One more stack trace:
#0 0x00007f7d04b6950f in abort () from ./lib/x86_64-linux-gnu/libc.so.6
#1 0x00005ad5fbc442f8 in flb_signal_handler (signal=<optimized out>) at /src/fluent-bit/src/fluent-bit.c:602
#2 <signal handler called>
#3 ares_array_len (arr=0x747379732d656275) at /src/fluent-bit/lib/c-ares-1.34.4/src/lib/dsa/ares_array.c:64
#4 0x00005ad5fc0adace in ares_dns_record_query_cnt (dnsrec=dnsrec@entry=0x7f7ced6595e8)
at /src/fluent-bit/lib/c-ares-1.34.4/src/lib/record/ares_dns_record.c:249
#5 0x00005ad5fc0a02f0 in same_questions (arec=<optimized out>, query=0x7f7ced20a280) at /src/fluent-bit/lib/c-ares-1.34.4/src/lib/ares_process.c:1279
#6 process_answer (now=0x7f7cee836530, conn=0x7f7ced20f1e0, alen=<optimized out>, abuf=<optimized out>, channel=0x7f7ced26a000)

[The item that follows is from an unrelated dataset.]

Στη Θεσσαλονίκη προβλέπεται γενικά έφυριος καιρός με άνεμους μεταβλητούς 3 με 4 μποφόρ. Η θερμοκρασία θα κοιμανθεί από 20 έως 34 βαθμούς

at /src/fluent-bit/lib/c-ares-1.34.4/src/lib/ares_process.c:740
#7 read_answers (now=0x7f7cee836530, conn=<optimized out>) at /src/fluent-bit/lib/c-ares-1.34.4/src/lib/ares_process.c:553
#8 process_read (now=0x7f7cee836530, read_fd=<optimized out>, channel=0x7f7ced26a000) at /src/fluent-bit/lib/c-ares-1.34.4/src/lib/ares_process.c:587
#9 ares_process_fds_nolock (channel=channel@entry=0x7f7ced26a000, events=events@entry=0x7f7cee8365c0, nevents=nevents@entry=1, flags=flags@entry=0)

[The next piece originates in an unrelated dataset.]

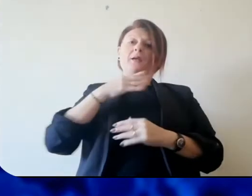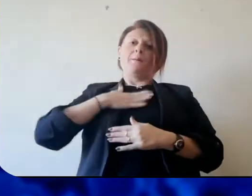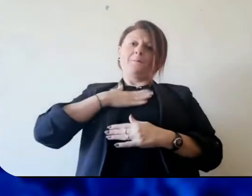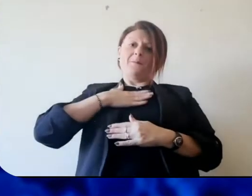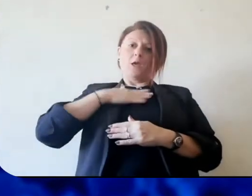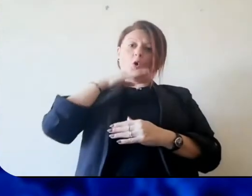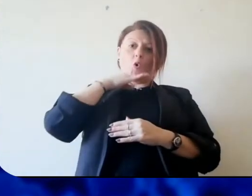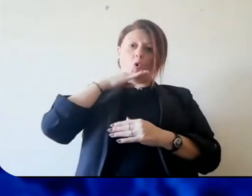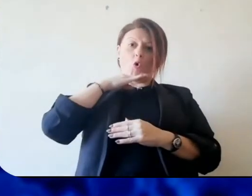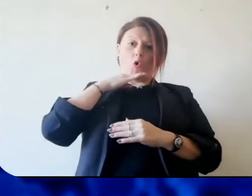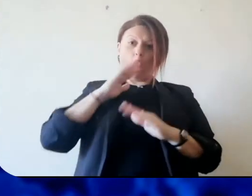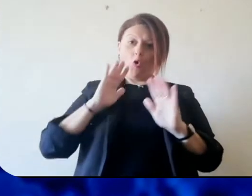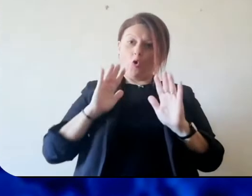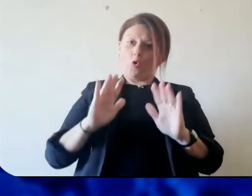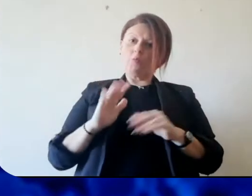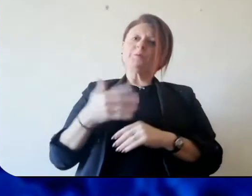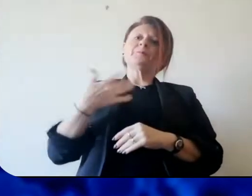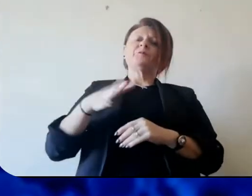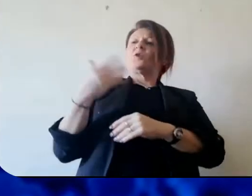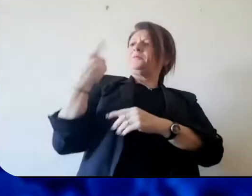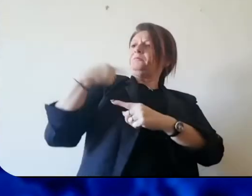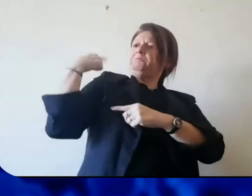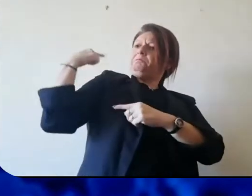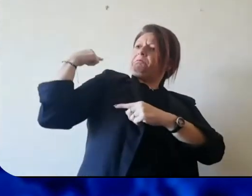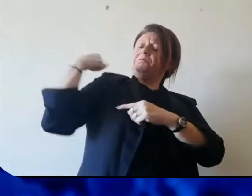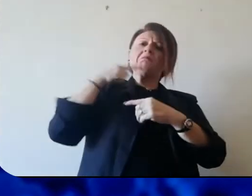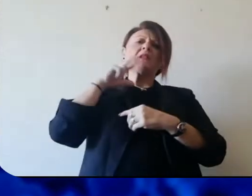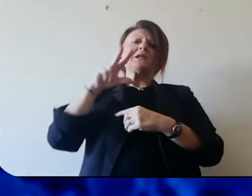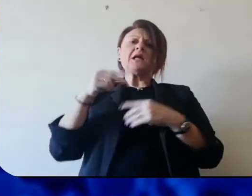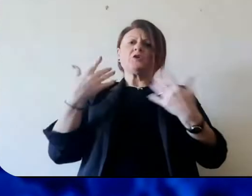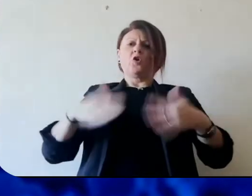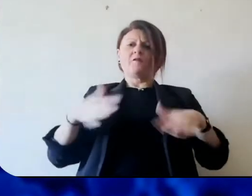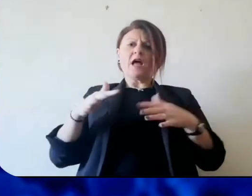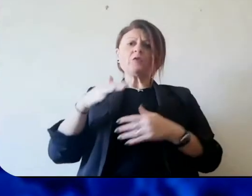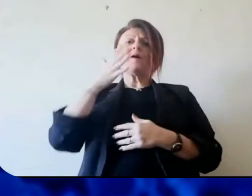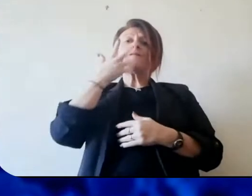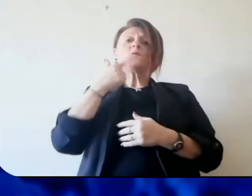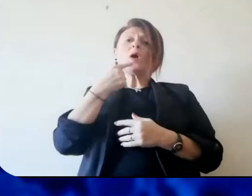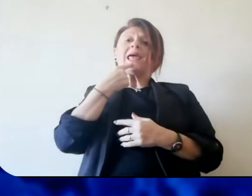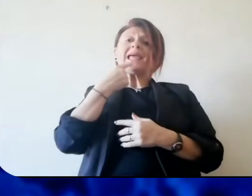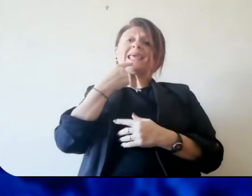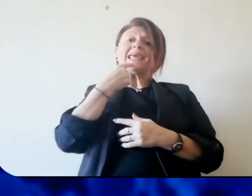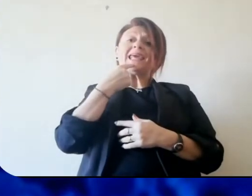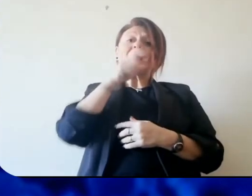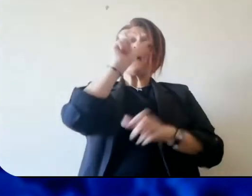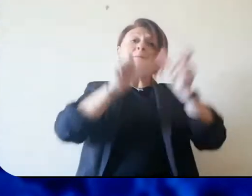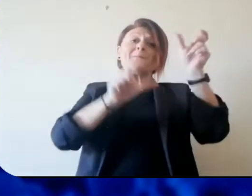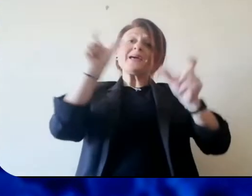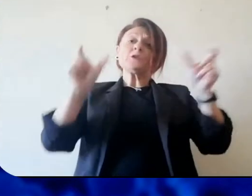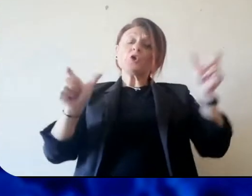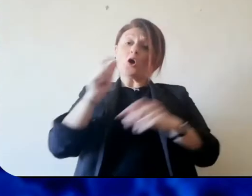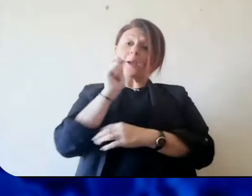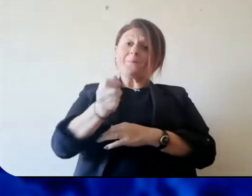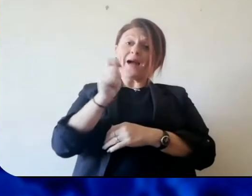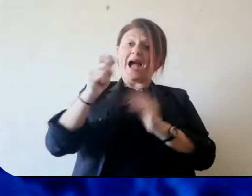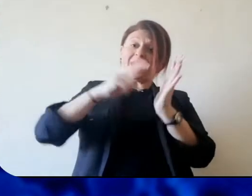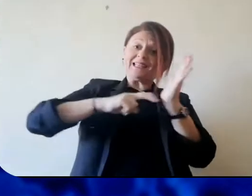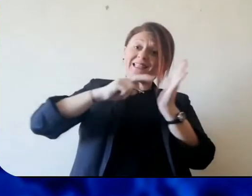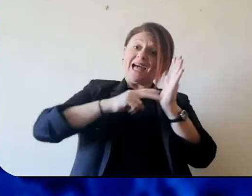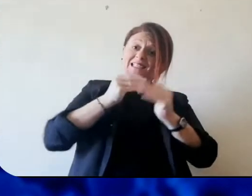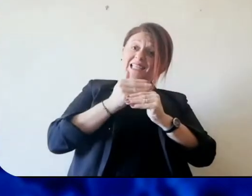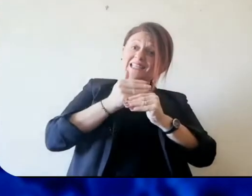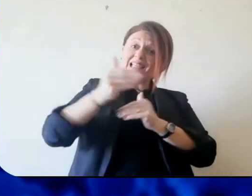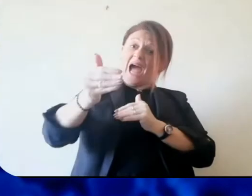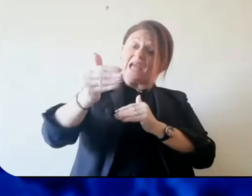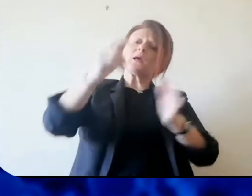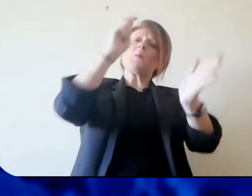locali, quelli di competenza quindi del Comune. Ho già detto nei giorni scorsi che c'è l'intenzione di questa amministrazione di non applicare sanzioni di nessun tipo

at /src/fluent-bit/lib/c-ares-1.34.4/src/lib/ares_process.c:225
#10 0x00005ad5fc0a0ba9 in ares_process_fds_nolock (flags=0, nevents=1, events=0x7f7cee8365c0, channel=0x7f7ced26a000)
at /src/fluent-bit/lib/c-ares-1.34.4/src/lib/ares_process.c:260
#11 ares_process_fds (channel=0x7f7ced26a000, events=events@entry=0x7f7cee8365c0, nevents=1, flags=flags@entry=0)
at /src/fluent-bit/lib/c-ares-1.34.4/src/lib/ares_process.c:257
#12 0x00005ad5fc0a0c0c in ares_process_fd (channel=<optimized out>, read_fd=<optimized out>, write_fd=<optimized out>)
at /src/fluent-bit/lib/c-ares-1.34.4/src/lib/ares_process.c:284
#13 0x00005ad5fbcf0224 in flb_net_getaddrinfo_event_handler (arg=0x7f7ced2032a0) at /src/fluent-bit/src/flb_network.c:874
#14 0x00005ad5fbce706e in output_thread (data=0x7f7cf61b2600) at /src/fluent-bit/src/flb_output_thread.c:318
#15 0x00005ad5fbd00bee in step_callback (data=0x7f7d01ae9ac0) at /src/fluent-bit/src/flb_worker.c:43
#16 0x00007f7d04bcc1f5 in ?? () from ./lib/x86_64-linux-gnu/libc.so.6
#17 0x00007f7d04c4bb40 in clone () from ./lib/x86_64-linux-gnu/libc.so.6
Frame #3: ares_array_len (arr=0x747379732d656275), since it's x86 so 75 62 65 2d 73 79 73 74, which is "ube-syst" This 99% is a fragment of"kube-system"
Memory Overwrite: Fluent Bit allocated memory for a DNS array structure. (within c-ares)
Corruption: Another part of Fluent Bit (likely processing Kubernetes metadata or logs tagged with kube-system) wrote data into the wrong location, overwriting the DNS structure with the text "ube-syst".
Crash: When c-ares tried to read the length of its array (ares_array_len), it tried to use the text "ube-syst" as a memory address. Since that is not a valid memory location, the CPU triggered a segmentation fault (abort).